KidLit Book Review: The Night Monster by Sushree Mishra and Sanket Pethkar


Every night, when the owl hoots and the shadows of the trees dance on the walls, the Night Monster creeps into Avi’s room and frightens him. One day, his sister suggests he write a letter to the monster, and Avi’s nights are not the same any more.


  • Title: The Night Monster
  • Author: Sushree Mishra
  • Illustrator: Sanket Pethkar
  • Publisher: Karadi Tales Picturebooks
  • ISBN: 9788181903310
  • Publication Date: September 4, 2018
  • For Ages: 4-9
  • Category: Picture Book
  • Spooky-Scary or Spooky-Fun? ☠️ Scary.

I’d like to thank Karadi Tales Picturebooks for providing a free copy via Edelweiss+ in exchange for an honest review and for providing a video so that I could appreciate the full lift-the-flap experience.

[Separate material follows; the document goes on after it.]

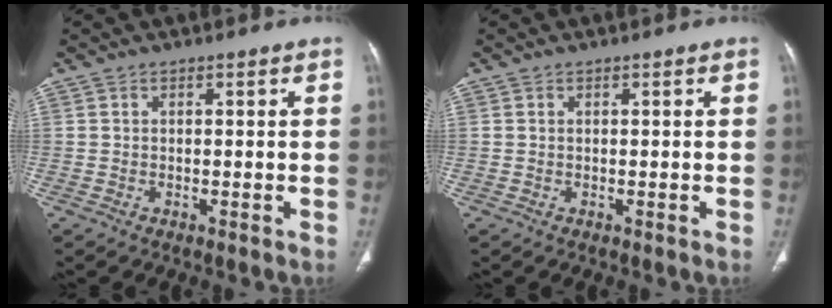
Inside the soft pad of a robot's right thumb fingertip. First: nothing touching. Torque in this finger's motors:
{"motor_torque": [0.14, 0.00, -0.05, -0.25, 0.04]}
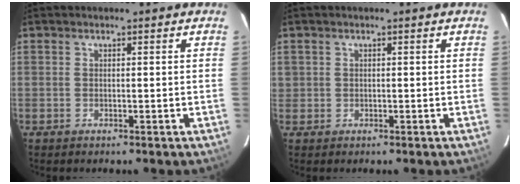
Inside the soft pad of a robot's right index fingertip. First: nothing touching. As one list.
[{"total": 0.9, "force": [0.2, 0.9, 0.1], "torque": [0.006, 0.004, 0.001]}]
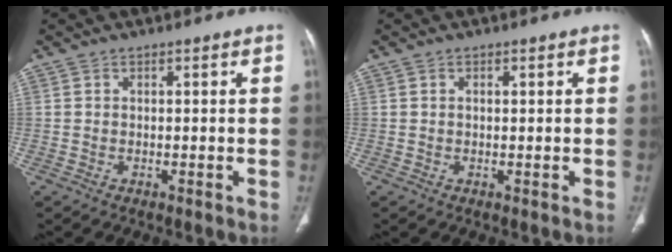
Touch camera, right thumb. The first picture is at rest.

With moody, atmospheric illustrations and a sweet, poetic story, The Night Monster is a sophisticated bedtime tale to reassure children that there is nothing to fear from the dark. Avi tells his sister Swati that he is scared of the monster that visits him every night. She suggests that he draw a picture of the monster and then lock it in a box. When that doesn’t work, she suggests that he write the monster letters; to his shock, the monster starts writing him back. Avi ultimately learns that the night monster isn’t scary at all, and he frees the night from its box.

Sanket Pethkar’s illustrations brilliantly convey Avi’s fears the beginning of the book is filled with high, looming angles that make the reader feel like a great beast watching Avi from above. Shadows fill every corner, and tree branches take the shape of the claws or tentacles of some horrible creature. As the story progresses and Avi’s fears subside, the shadows retreat and the tree branches begin to look like normal foliage. Pethkar’s expressive choices and rich color palette do a marvelous job of supporting Sushree Mishra’s spare, elegant story.

Told mostly through the letters between Avi and the Night Monster, the text alternates between funny like when Avi says, “You scare me with the hoot hoot noises!” — and heartbreaking — like when the Night Monster says, “I miss the twinkling stars. I miss the bright moon.” The clever ending is just as poetic and bittersweet. There is not a word wasted here; because of Mishra’s economy of language, the meaning and emotion flow off the pages and stay with the reader long after they have closed the back cover.

The Night Monster is a truly wonderful work of art. I’ve read this book several times — I still have to pause on each page to admire Pethkar’s illustrations, and I’m still astonished each time at how much Mishra accomplishes with so few words. If you know a child who is afraid of the dark…if you know a child who loves a good bedtime story…if you love a good story yourself…you need this book.


This is going on my Best of 2018 list. I give this book 5 out of 5 coffins.